Extracted records
******************************
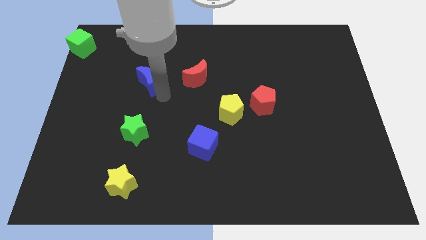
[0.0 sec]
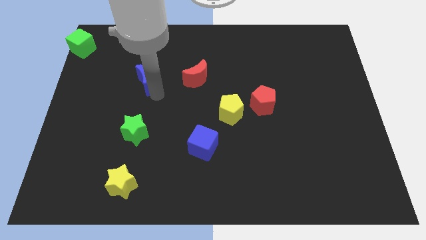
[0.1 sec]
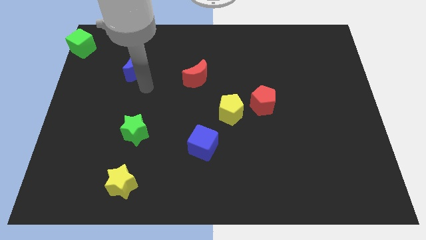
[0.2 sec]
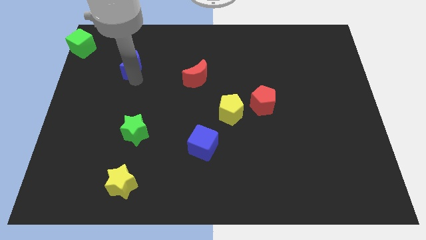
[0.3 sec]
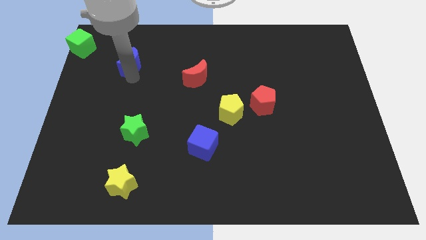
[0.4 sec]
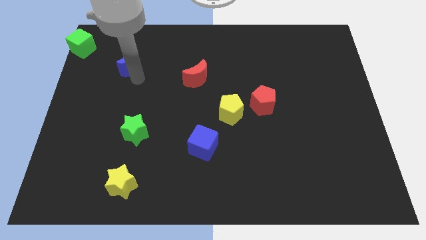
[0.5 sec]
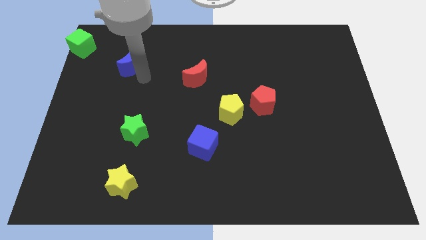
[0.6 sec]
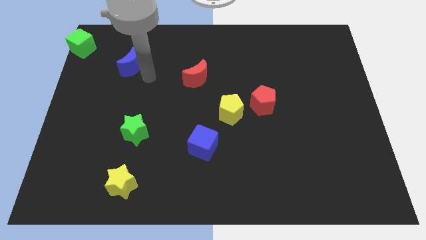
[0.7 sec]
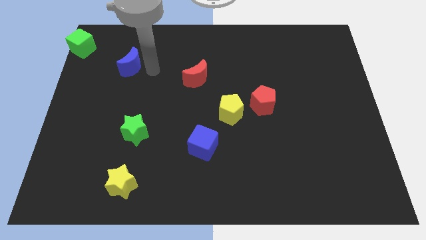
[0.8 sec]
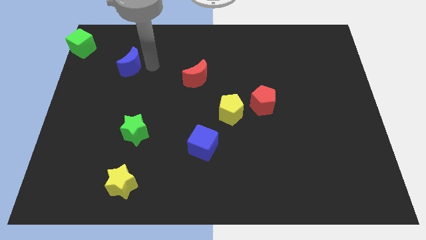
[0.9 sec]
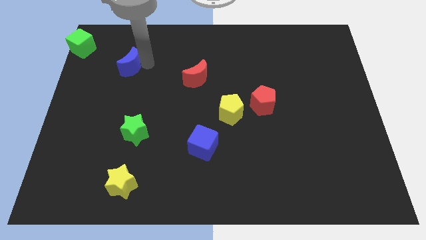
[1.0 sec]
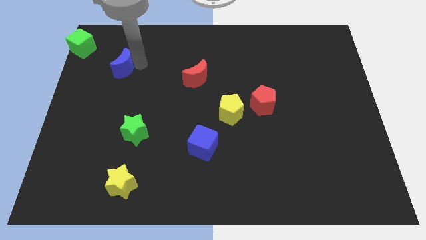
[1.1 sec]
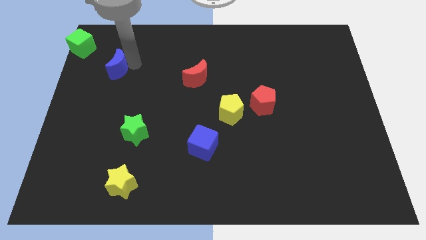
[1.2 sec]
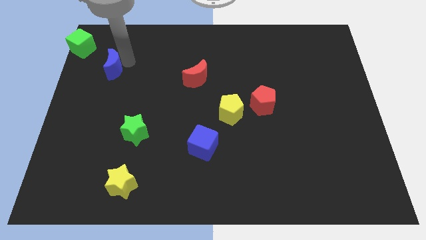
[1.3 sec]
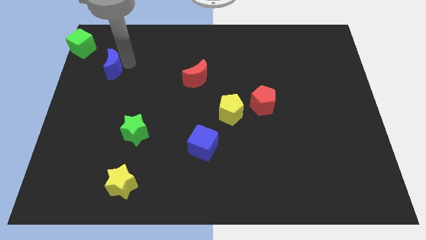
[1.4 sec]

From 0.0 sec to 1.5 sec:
place the blue crescent below green cube

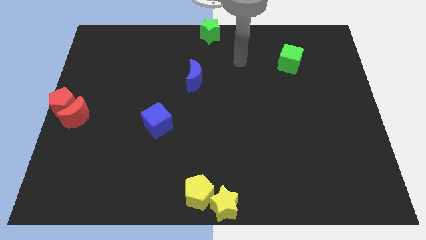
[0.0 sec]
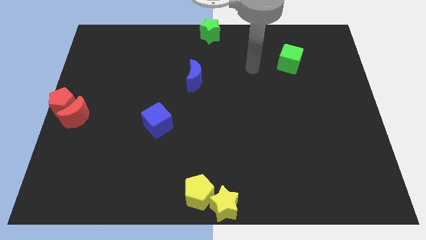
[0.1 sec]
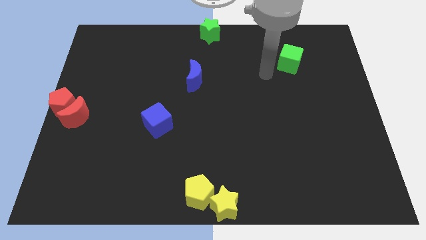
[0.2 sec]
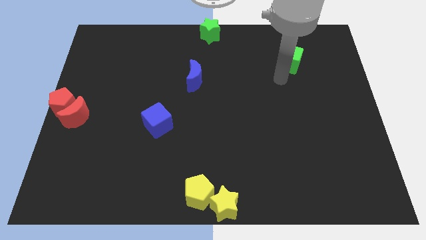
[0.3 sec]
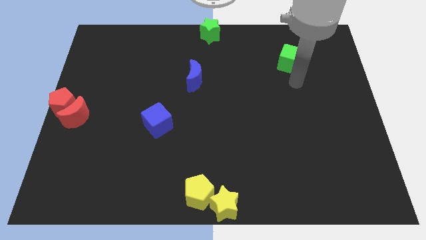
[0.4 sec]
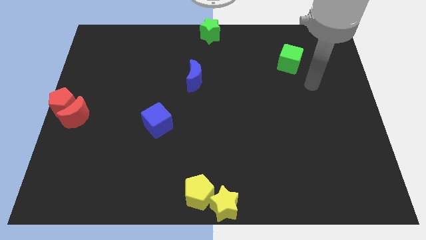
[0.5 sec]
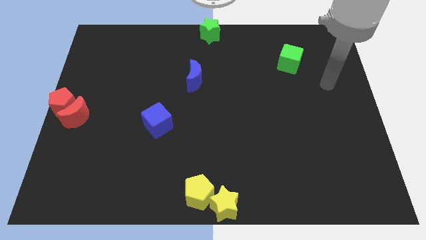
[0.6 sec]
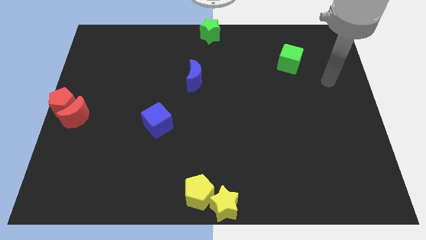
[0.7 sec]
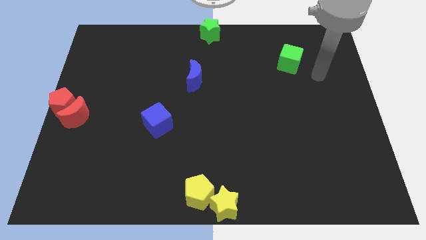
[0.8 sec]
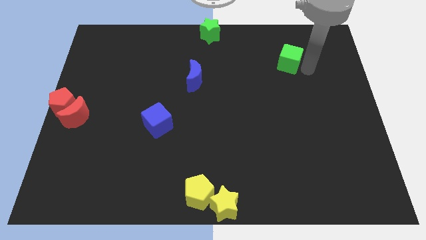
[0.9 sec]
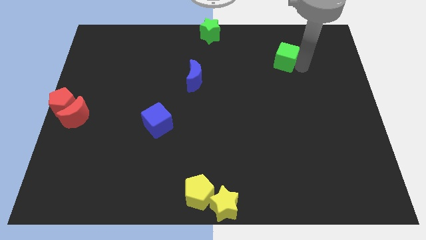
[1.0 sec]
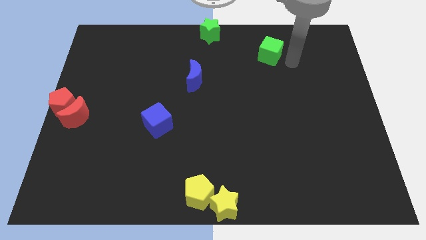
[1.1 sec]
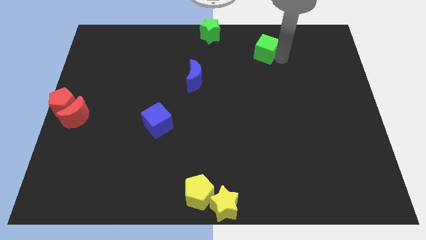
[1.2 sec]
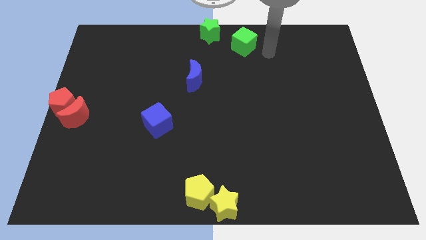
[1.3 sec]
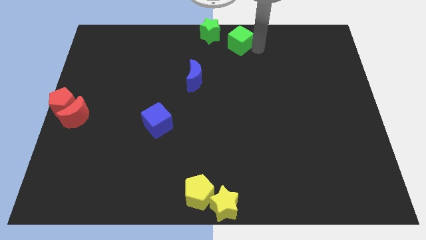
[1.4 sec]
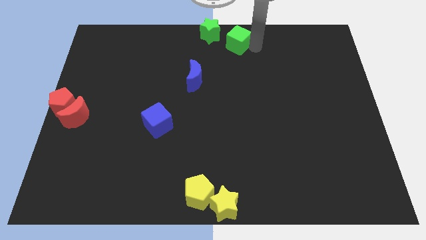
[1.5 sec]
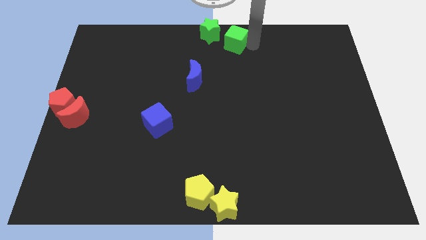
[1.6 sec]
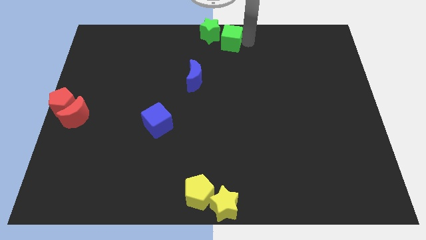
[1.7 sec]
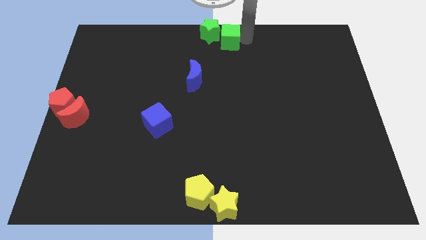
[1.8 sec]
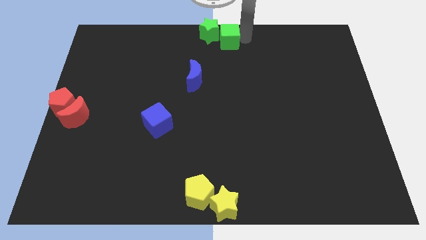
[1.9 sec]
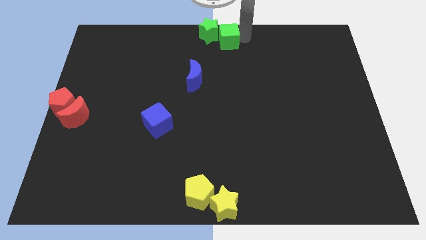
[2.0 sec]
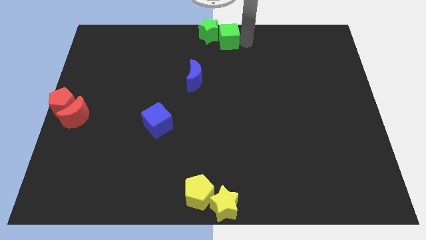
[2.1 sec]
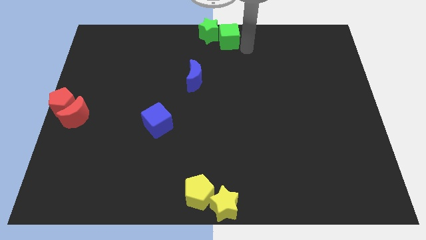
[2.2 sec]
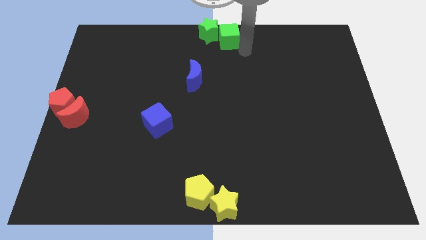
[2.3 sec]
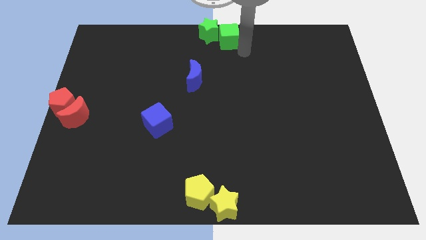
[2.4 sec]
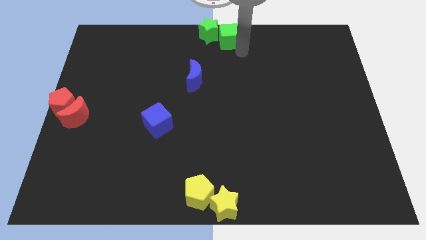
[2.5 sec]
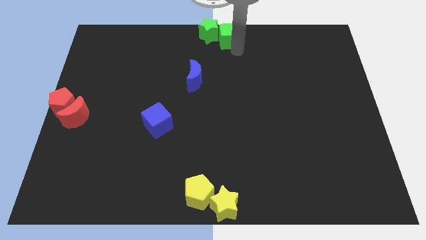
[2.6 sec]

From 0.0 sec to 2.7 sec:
******************************
GOAL OF THE EXERCISE
Leave out the pictures and reproduce the rest of the records exactly.

ANSWER TO THIS TASK
[0.0 sec]
[0.1 sec]
[0.2 sec]
[0.3 sec]
[0.4 sec]
[0.5 sec]
[0.6 sec]
[0.7 sec]
[0.8 sec]
[0.9 sec]
[1.0 sec]
[1.1 sec]
[1.2 sec]
[1.3 sec]
[1.4 sec]

From 0.0 sec to 1.5 sec:
place the blue crescent below green cube

[0.0 sec]
[0.1 sec]
[0.2 sec]
[0.3 sec]
[0.4 sec]
[0.5 sec]
[0.6 sec]
[0.7 sec]
[0.8 sec]
[0.9 sec]
[1.0 sec]
[1.1 sec]
[1.2 sec]
[1.3 sec]
[1.4 sec]
[1.5 sec]
[1.6 sec]
[1.7 sec]
[1.8 sec]
[1.9 sec]
[2.0 sec]
[2.1 sec]
[2.2 sec]
[2.3 sec]
[2.4 sec]
[2.5 sec]
[2.6 sec]

From 0.0 sec to 2.7 sec:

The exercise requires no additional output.